REPUBLIKA.CO.ID, JAKARTA -- JAKARTA -- RUU Cipta Kerja (Ciptaker) dinilai pengamat pendidikan tinggi, Edy Suandi, memiliki sisi positif bagi dunia pendidikan. Salah satunya adalah adanya kepastian atas berbagai kebijakan atau regulasi yang ada.
"Selama ini sangat sering didengungkan bahwa dalam pengelolaan pendidikan sangat tergantung selera siapa yang menjadi menterinya, sehingga muncul adagium: ganti menteri, ganti kebijakan," kata Edy, Sabtu (5/9).
Hal ini juga terjadi dengan yang sekarang ini, yang mengajukan berbagai konsep yang sebagian mengubah drastis kebijakan terdahulu. Dalam beberapa pasal, misalnya, untuk penetapan kebijakan harus melalui Peraturan Pemerintah (PP).
Dengan naungan PP maka siapapun yang menjadi Menteri tidak bisa serta merta atau seenaknya membuat suatu kebijakan tertentu.
Misalnya, dalam UU 12/2012 Pasal 33 tentang Program Studi yang kewenangannya diatur dalam Permen, dalam RUU Cipta Kerja Pasal 33 pengaturan program studi ini dalam bentuk Peraturan Pemerintah.
Hal ini bisa bermakna positif karena lebih ada kepastian, dan menteri tidak bisa semaunya dalam mengatur program studi, seperti mengubah kurikulum, pemberian izin, serta pencabutan izin prodi.
Pengubahan Pasal 60 dengan penegasan bahwa “PTN didirikan oleh Pemerintah Pusat” juga amandemen yang tidak menimbulkan multi tafsir. Karena dalam UU No 12/2012 tidak disuratkan dalam pasal tentang pengertian siapa yang dimaksud Pemerintah tersebut, sehingga bisa diartikan Pusat atau Daerah.
Hal positif lainnya, lanjut Edy yaitu ada penegasan Pasal 65 UU Nomor 12 Tahun 2012 tentang Sistem Pendidikan Nasional (Sisdiknas). Aturan ini mewajibkan lembaga pendidikan asing pada tingkat dasar dan menengah memberikan pendidikan agama dan kewarganegaraan bagi anak didik Indonesia.
Dalam RUU Ciptaker, anak didik di lembaga pendidikan asing juga diwajibkan untuk menambah muatan Bahasa Indonesia. Namun, memang perlu diperjelas kaitan muatan dan mata pelajaran bahasa Indonesia di lembaga pendidikan asing tersebut.

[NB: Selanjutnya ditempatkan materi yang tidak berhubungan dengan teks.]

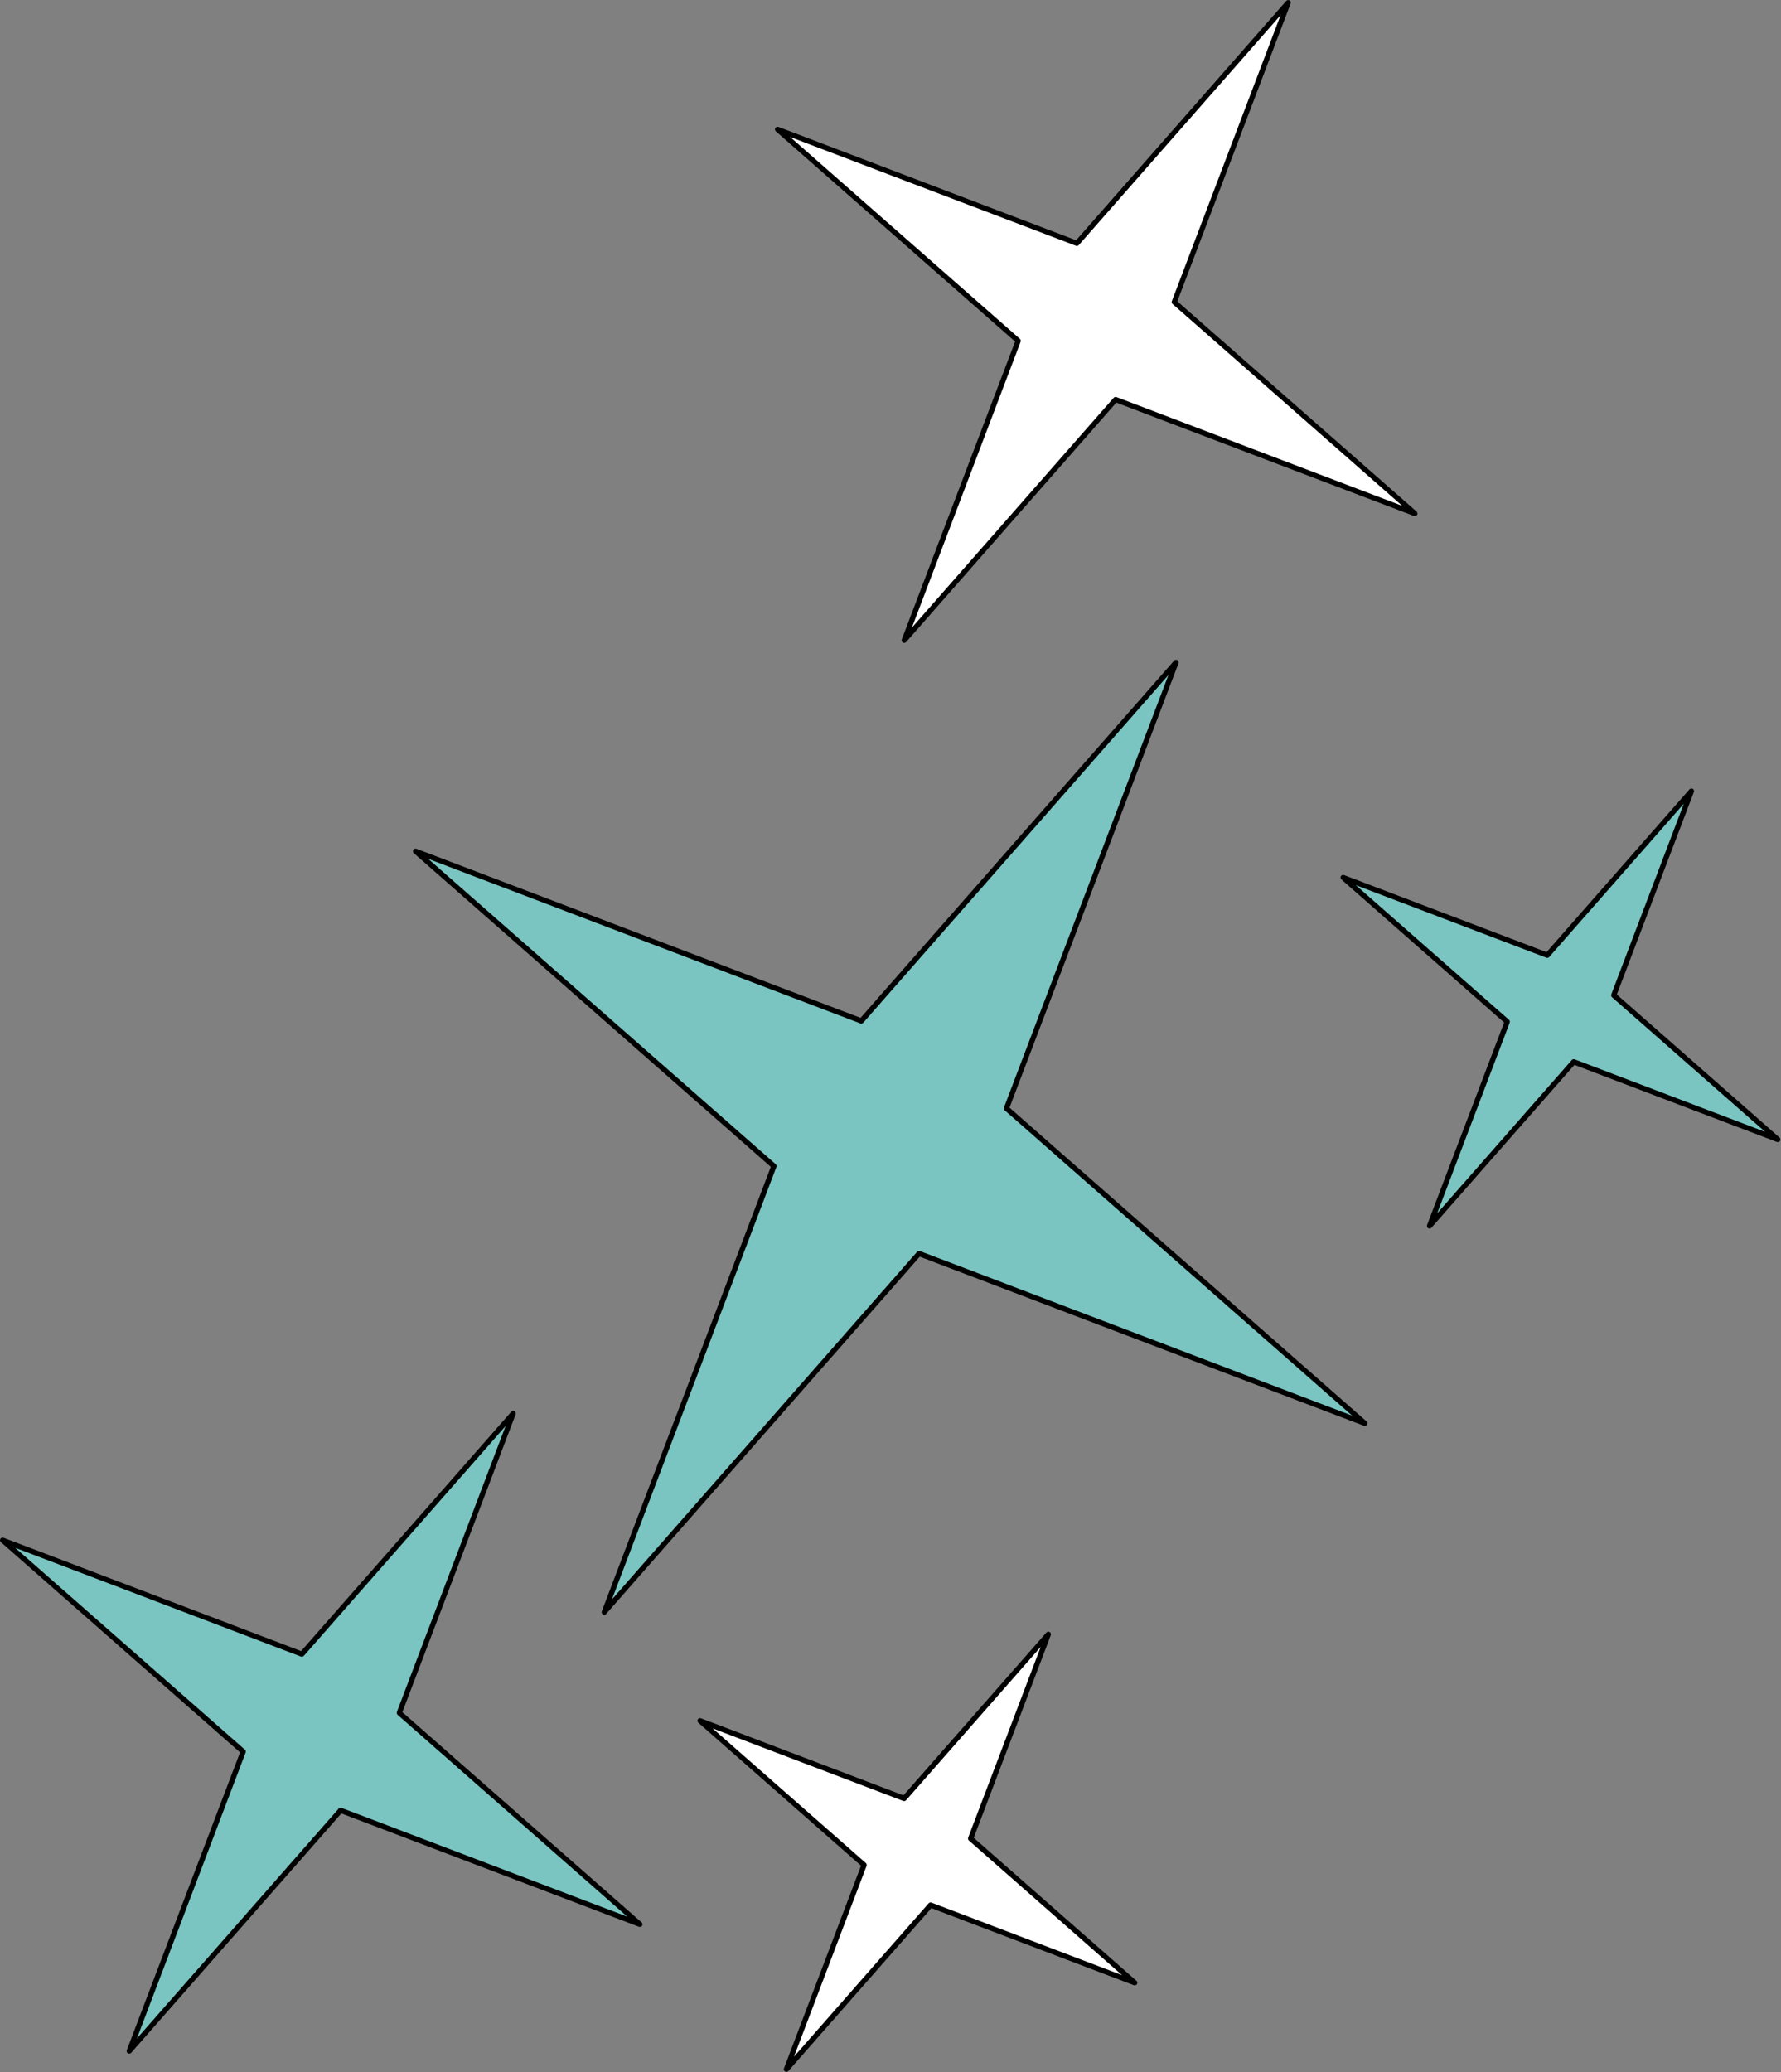 <?xml version="1.0" encoding="UTF-8" standalone="no"?><svg xmlns="http://www.w3.org/2000/svg" xmlns:xlink="http://www.w3.org/1999/xlink" fill="#000000" height="397.1" preserveAspectRatio="xMidYMid meet" version="1" viewBox="-0.0 -0.0 341.5 397.1" width="341.5" zoomAndPan="magnify"><rect x="-0.0" y="-0.0" width="341.5" height="397.1" fill="#808080" stroke="none"/><g id="change1_1"><path d="M225.51,126.95l-32.53,85.47l68.71,60.35l-85.47-32.53l-60.35,68.71l32.53-85.47l-68.71-60.35l85.47,32.53 L225.51,126.95z" fill="#7ac5c1"/></g><g id="change2_1"><path d="M247,0.5l-21.84,57.39l46.13,40.52l-57.39-21.84l-40.52,46.13l21.84-57.39L149.1,24.79l57.39,21.84L247,0.5z" fill="#ffffff"/></g><g id="change3_1"><path d="M201,313.22l-14.89,39.14l31.46,27.64l-39.14-14.89l-27.64,31.46l14.89-39.14l-31.46-27.64l39.14,14.89 L201,313.22z" fill="#ffffff"/></g><g id="change4_1"><path d="M324.32,151.61l-14.89,39.14l31.46,27.64l-39.14-14.89l-27.64,31.46l14.89-39.14l-31.46-27.64l39.14,14.89 L324.32,151.61z M57.89,317.02L0.5,295.18l46.13,40.52l-21.84,57.39l40.52-46.13l57.39,21.84l-46.13-40.52l21.84-57.39L57.89,317.02 z" fill="#7ac5c1"/></g><g id="change5_1"><path d="M115.87,309.46c-0.09,0-0.18-0.02-0.26-0.07c-0.21-0.12-0.3-0.38-0.21-0.61l32.4-85.15l-68.45-60.12 c-0.18-0.16-0.22-0.43-0.1-0.63c0.13-0.21,0.38-0.3,0.61-0.21l85.15,32.4l60.12-68.45c0.16-0.18,0.43-0.22,0.63-0.1 c0.21,0.12,0.3,0.38,0.21,0.61l-32.4,85.15l68.45,60.12c0.18,0.16,0.22,0.43,0.1,0.63c-0.13,0.21-0.38,0.29-0.61,0.21l-85.15-32.4 l-60.12,68.45C116.15,309.4,116.01,309.46,115.87,309.46z M82.1,164.59l66.63,58.52c0.16,0.14,0.21,0.36,0.14,0.55l-31.54,82.88 l58.52-66.63c0.14-0.16,0.36-0.21,0.55-0.14l82.88,31.54l-66.63-58.52c-0.16-0.14-0.21-0.36-0.14-0.55l31.54-82.88L165.53,196 c-0.14,0.16-0.36,0.21-0.55,0.14L82.1,164.59z M173.39,123.2c-0.09,0-0.18-0.02-0.26-0.07c-0.21-0.12-0.3-0.38-0.21-0.61 l21.72-57.06l-45.87-40.29c-0.18-0.16-0.22-0.43-0.1-0.63c0.12-0.21,0.38-0.29,0.61-0.21l57.06,21.72l40.29-45.87 c0.16-0.18,0.43-0.22,0.63-0.1c0.21,0.12,0.3,0.38,0.21,0.61l-21.72,57.06l45.87,40.29c0.18,0.16,0.22,0.43,0.1,0.63 c-0.12,0.21-0.38,0.29-0.61,0.21l-57.06-21.72l-40.29,45.87C173.67,123.14,173.53,123.2,173.39,123.2z M151.51,26.25l44.05,38.69 c0.16,0.14,0.21,0.36,0.14,0.55l-20.85,54.8l38.69-44.05c0.14-0.16,0.36-0.21,0.55-0.14l54.8,20.85l-44.05-38.69 c-0.16-0.14-0.21-0.36-0.14-0.55l20.85-54.8l-38.69,44.05c-0.14,0.16-0.36,0.21-0.55,0.14L151.51,26.25z M150.8,397.06 c-0.09,0-0.18-0.02-0.26-0.07c-0.21-0.12-0.3-0.38-0.21-0.61l14.77-38.82l-31.2-27.41c-0.18-0.16-0.22-0.43-0.1-0.63 c0.12-0.21,0.38-0.29,0.61-0.21l38.82,14.77l27.41-31.2c0.16-0.18,0.43-0.22,0.63-0.1c0.21,0.12,0.3,0.38,0.21,0.61l-14.77,38.82 l31.2,27.41c0.18,0.16,0.22,0.43,0.1,0.63c-0.12,0.21-0.38,0.29-0.61,0.21l-38.81-14.77l-27.41,31.2 C151.07,397,150.93,397.06,150.8,397.06z M136.64,331.24l29.38,25.81c0.16,0.14,0.21,0.36,0.14,0.55l-13.91,36.55l25.81-29.38 c0.14-0.16,0.36-0.21,0.55-0.14l36.55,13.91l-29.38-25.81c-0.16-0.14-0.21-0.36-0.14-0.55l13.91-36.55l-25.81,29.38 c-0.14,0.16-0.36,0.21-0.55,0.14L136.64,331.24z M274.11,235.45c-0.09,0-0.18-0.02-0.26-0.07c-0.21-0.12-0.3-0.38-0.21-0.61 l14.77-38.81l-31.2-27.41c-0.18-0.16-0.22-0.43-0.1-0.63c0.12-0.21,0.38-0.29,0.61-0.21l38.82,14.77l27.41-31.2 c0.16-0.18,0.43-0.22,0.63-0.1c0.21,0.12,0.3,0.38,0.21,0.61l-14.77,38.81l31.2,27.41c0.18,0.16,0.22,0.43,0.1,0.63 c-0.13,0.21-0.38,0.29-0.61,0.21l-38.82-14.77l-27.41,31.2C274.39,235.39,274.25,235.45,274.11,235.45z M259.96,169.63l29.38,25.81 c0.16,0.14,0.21,0.36,0.14,0.55l-13.91,36.55l25.81-29.38c0.14-0.16,0.36-0.21,0.55-0.14l36.55,13.91l-29.38-25.81 c-0.16-0.14-0.21-0.36-0.14-0.55l13.91-36.55l-25.81,29.38c-0.14,0.16-0.36,0.21-0.55,0.14L259.96,169.63z M24.79,393.58 c-0.09,0-0.18-0.02-0.26-0.07c-0.21-0.12-0.3-0.38-0.21-0.61l21.71-57.06L0.17,295.55c-0.18-0.16-0.22-0.43-0.1-0.63 c0.13-0.21,0.38-0.29,0.61-0.21l57.06,21.72l40.29-45.87c0.16-0.18,0.43-0.22,0.63-0.1c0.21,0.12,0.3,0.38,0.21,0.61l-21.72,57.06 l45.87,40.29c0.18,0.16,0.22,0.43,0.1,0.63c-0.12,0.21-0.38,0.29-0.61,0.21l-57.06-21.72l-40.29,45.87 C25.07,393.52,24.93,393.58,24.79,393.58z M2.91,296.63l44.05,38.69c0.16,0.14,0.21,0.36,0.14,0.55l-20.85,54.8l38.69-44.05 c0.14-0.16,0.36-0.21,0.55-0.14l54.8,20.85l-44.05-38.69c-0.16-0.14-0.21-0.36-0.14-0.55l20.85-54.8l-38.69,44.05 c-0.14,0.16-0.36,0.21-0.55,0.14L2.91,296.63z" fill="inherit"/></g></svg>

"Namun demikian memang perlu diperjelas kata muatan dan mata pelajaran. Di samping itu, adanya standar nasional penelitian dan standar pengabdian masyarakat pada jenjang pendidikan tinggi dalam RUU CK juga merupakan amandemen yang baik dalam rangka meningkatkan kualitas riset dan kualitas pengabdian masyarakat (Pasal 35)," kata Edy.
Edy juga memberikan masukan supaya perguruan tinggi asing yang masuk Indonesia harus bekerjasama dengan perguruan tinggi lokal dan kewajiban mendayagunakan dosen dosen lokal.
"Jadi menurut saya ini UU Ciptaker menciptakan lapagan kerja sebanyak-banyaknya. Sebelum Covid-19 di Indonesia ada 7 juta tidak bekerja sama sekali, lulusan perguruan tinggi juga banyak. Lantas kalau PT masuk sini apa ngga bertentangan dengan spirit UU Cipta Kerja. Saya kira ini kan dalam konteks berdiskusi, kita ingatkan saja," kata Edy.
Dirinya mengapresiasi dasar pemikiran dibentuknya RUU Ciptaker yang punya tujuan menciptakan lapangan kerja sebanyak-banyaknya.
"Sebagai akademisi berpikir saya open minded saja, positifnya banyak negatifnya bisa diperbaiki. Kalau masih banyak yang perlu dikaji, kalau mau bersabar mari diskusikan lebih lanjut," kata Edy.
"Ketika Jadi UU (Ciptaker) atau tidak jadi UU inimemang tidak bisa membuat semua orang setuju. Kalau anggap baik tapi ada yang engga setuju ya jalan terus. Kan enggak bisa menunggu semua setuju," tambahnya.